▸ **Task requirements**:
Your response is a verbatim copy of the listing, stripped of its images.

[[ Extracted information open ]]

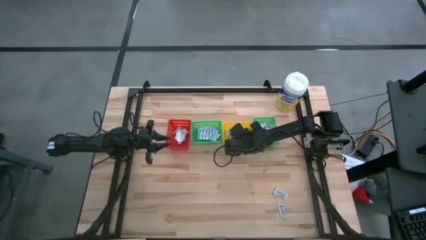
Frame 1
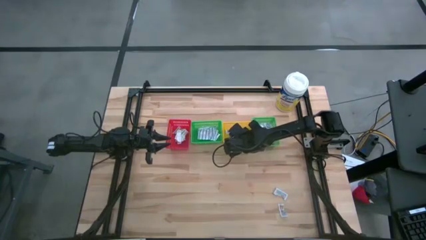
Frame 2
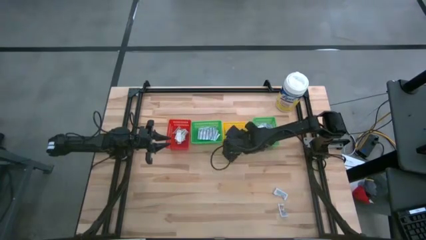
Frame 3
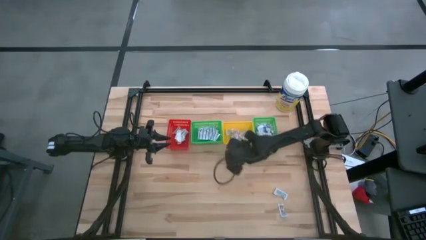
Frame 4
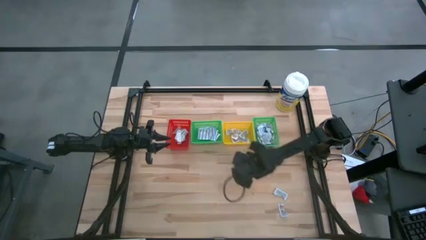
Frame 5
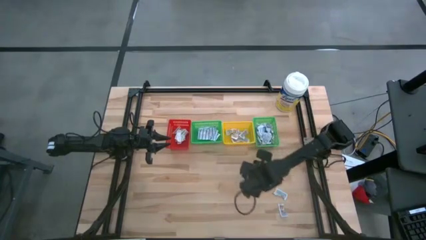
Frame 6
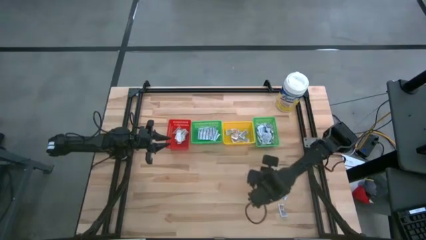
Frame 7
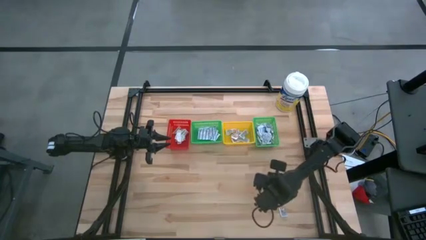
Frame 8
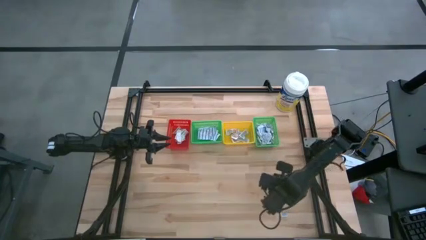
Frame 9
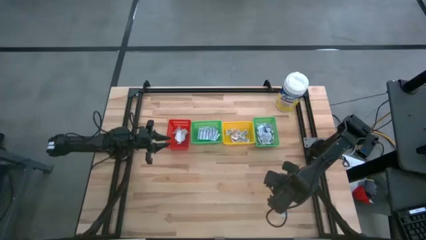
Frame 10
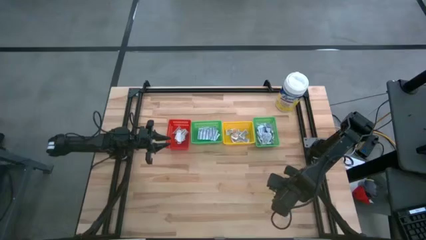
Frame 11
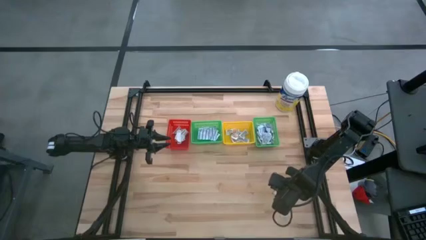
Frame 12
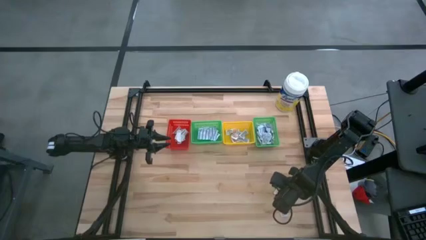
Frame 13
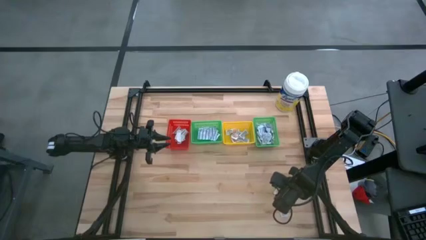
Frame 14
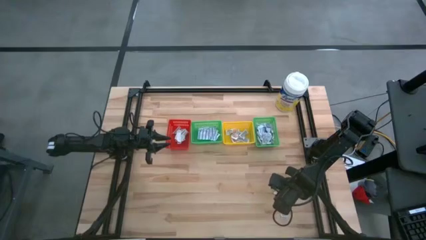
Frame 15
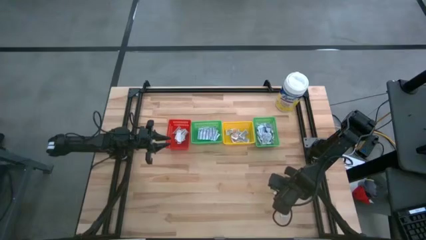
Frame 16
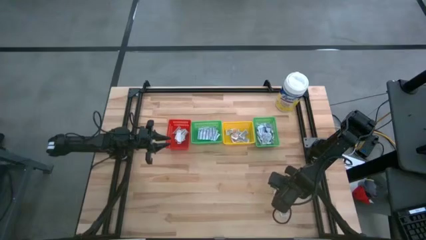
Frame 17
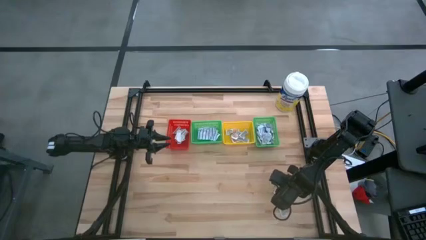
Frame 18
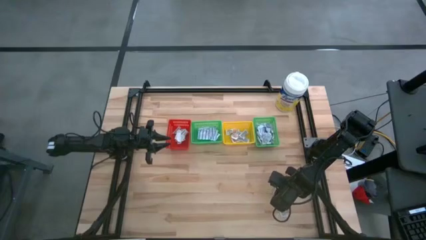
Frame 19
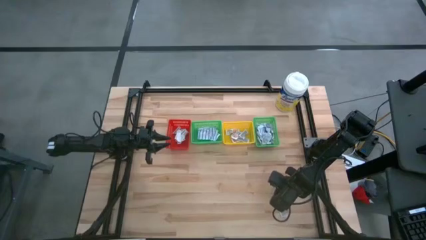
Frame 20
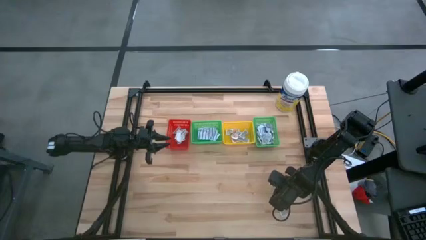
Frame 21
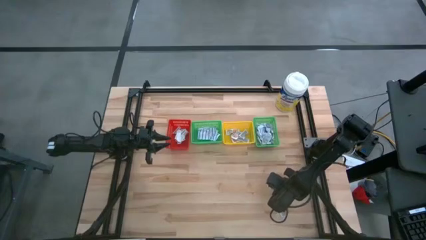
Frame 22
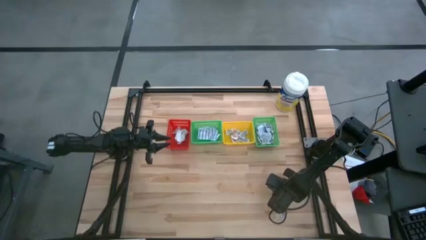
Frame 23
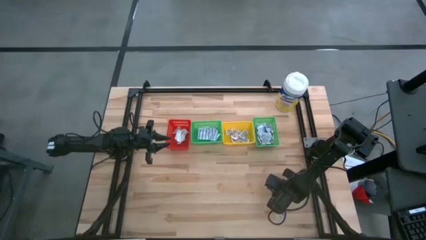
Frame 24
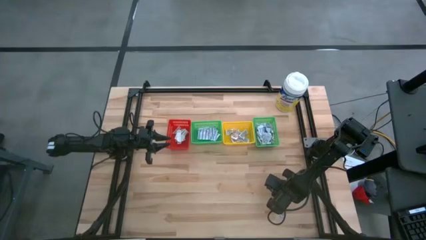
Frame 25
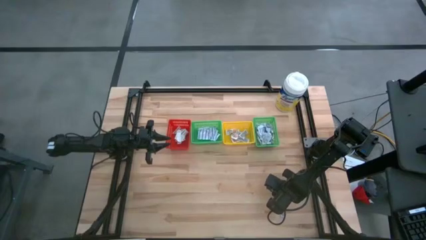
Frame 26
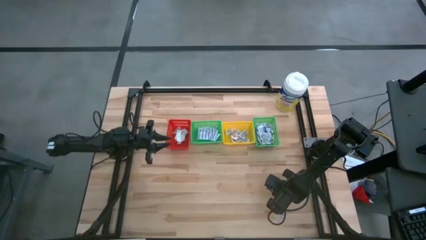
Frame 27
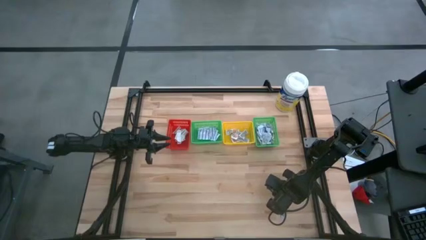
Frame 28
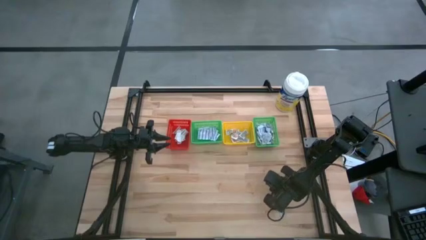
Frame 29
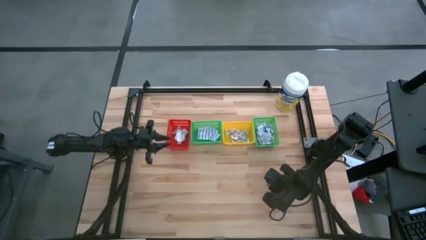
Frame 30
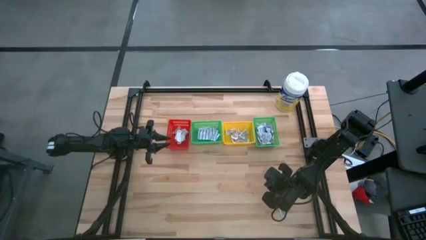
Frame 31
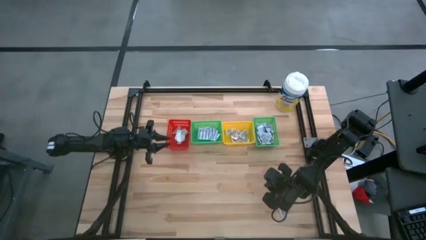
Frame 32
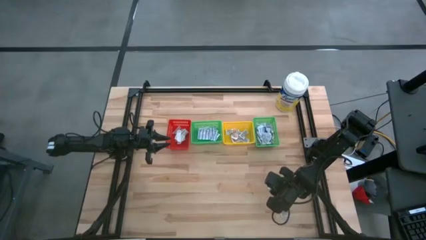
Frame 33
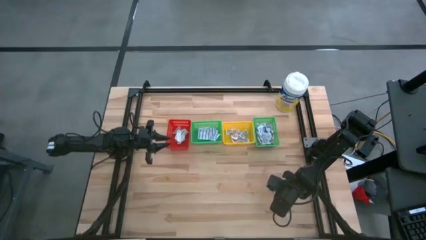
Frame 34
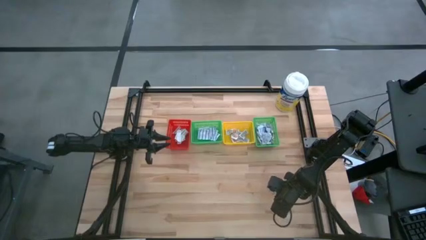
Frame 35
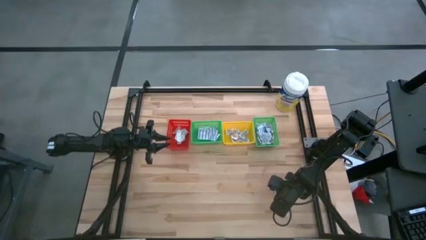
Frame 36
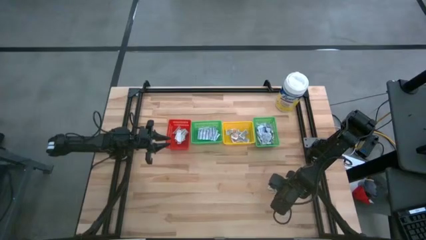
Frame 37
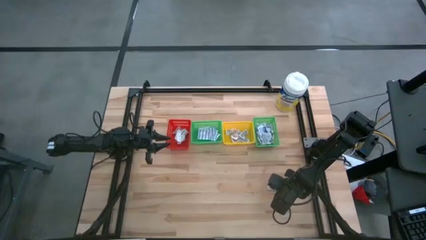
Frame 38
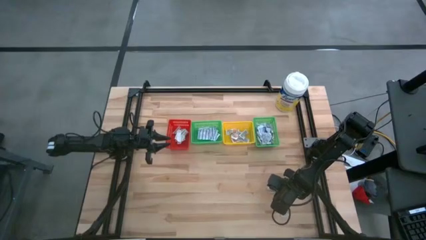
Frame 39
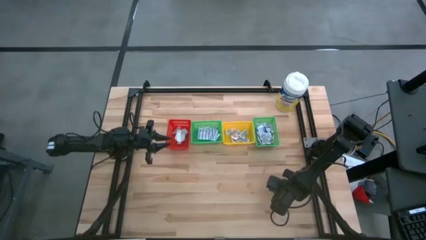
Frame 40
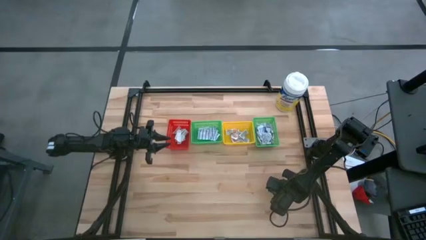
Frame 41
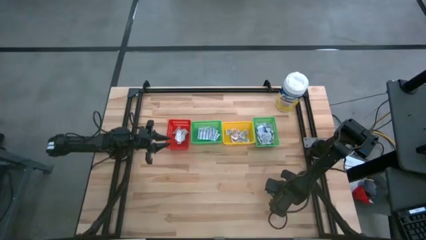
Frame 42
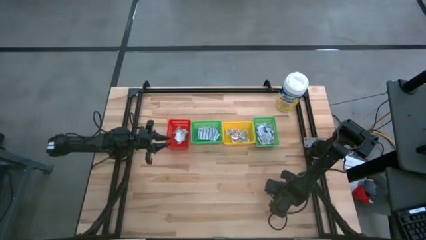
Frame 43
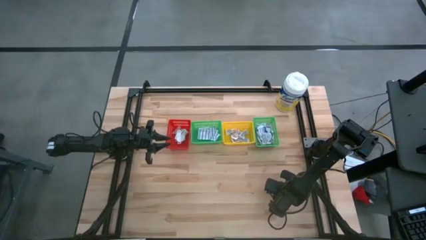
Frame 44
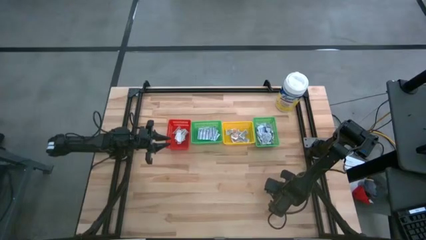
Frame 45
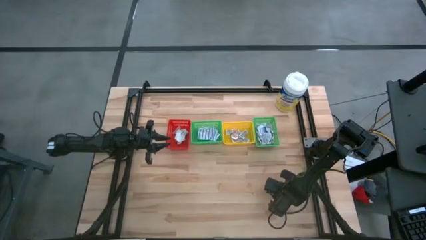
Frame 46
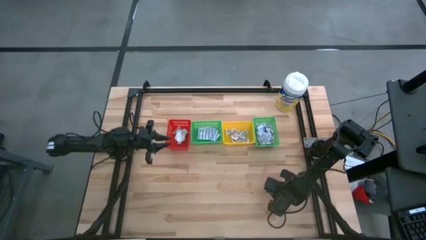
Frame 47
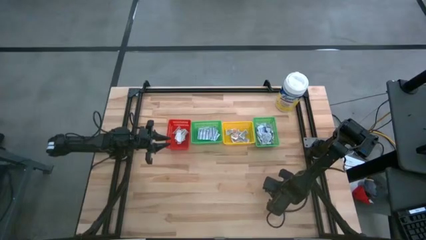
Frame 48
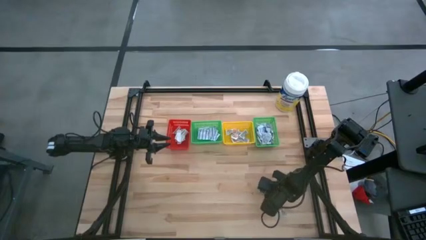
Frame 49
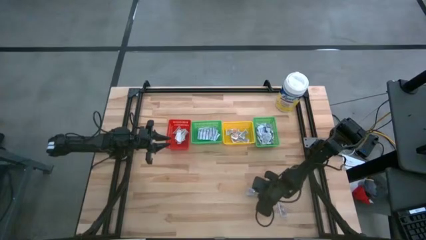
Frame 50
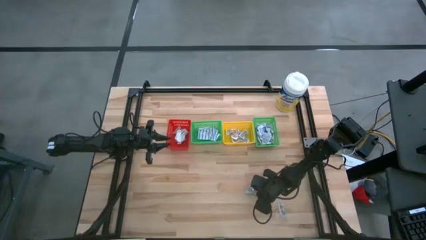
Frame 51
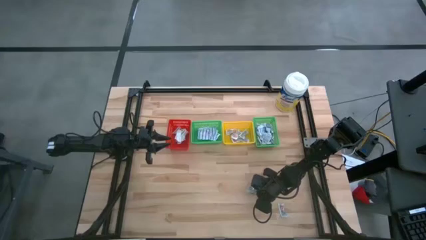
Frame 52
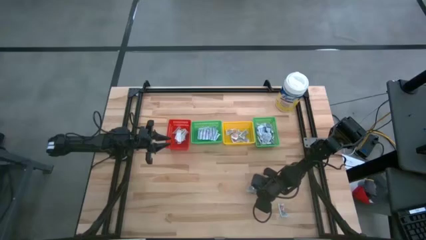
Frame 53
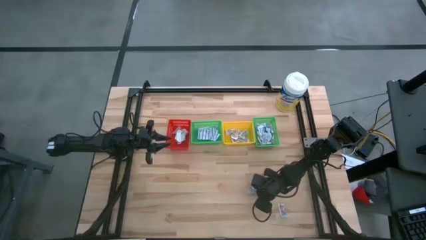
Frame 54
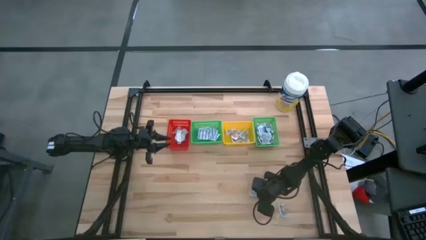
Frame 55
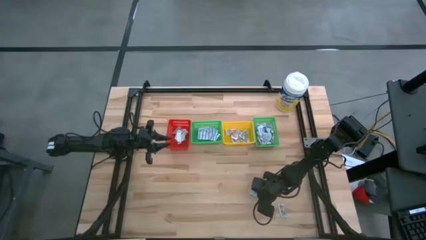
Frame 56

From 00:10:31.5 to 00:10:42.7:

[[ Extracted information closed ]]

▸ **Written response**:
Frame 1
Frame 2
Frame 3
Frame 4
Frame 5
Frame 6
Frame 7
Frame 8
Frame 9
Frame 10
Frame 11
Frame 12
Frame 13
Frame 14
Frame 15
Frame 16
Frame 17
Frame 18
Frame 19
Frame 20
Frame 21
Frame 22
Frame 23
Frame 24
Frame 25
Frame 26
Frame 27
Frame 28
Frame 29
Frame 30
Frame 31
Frame 32
Frame 33
Frame 34
Frame 35
Frame 36
Frame 37
Frame 38
Frame 39
Frame 40
Frame 41
Frame 42
Frame 43
Frame 44
Frame 45
Frame 46
Frame 47
Frame 48
Frame 49
Frame 50
Frame 51
Frame 52
Frame 53
Frame 54
Frame 55
Frame 56

From 00:10:31.5 to 00:10:42.7:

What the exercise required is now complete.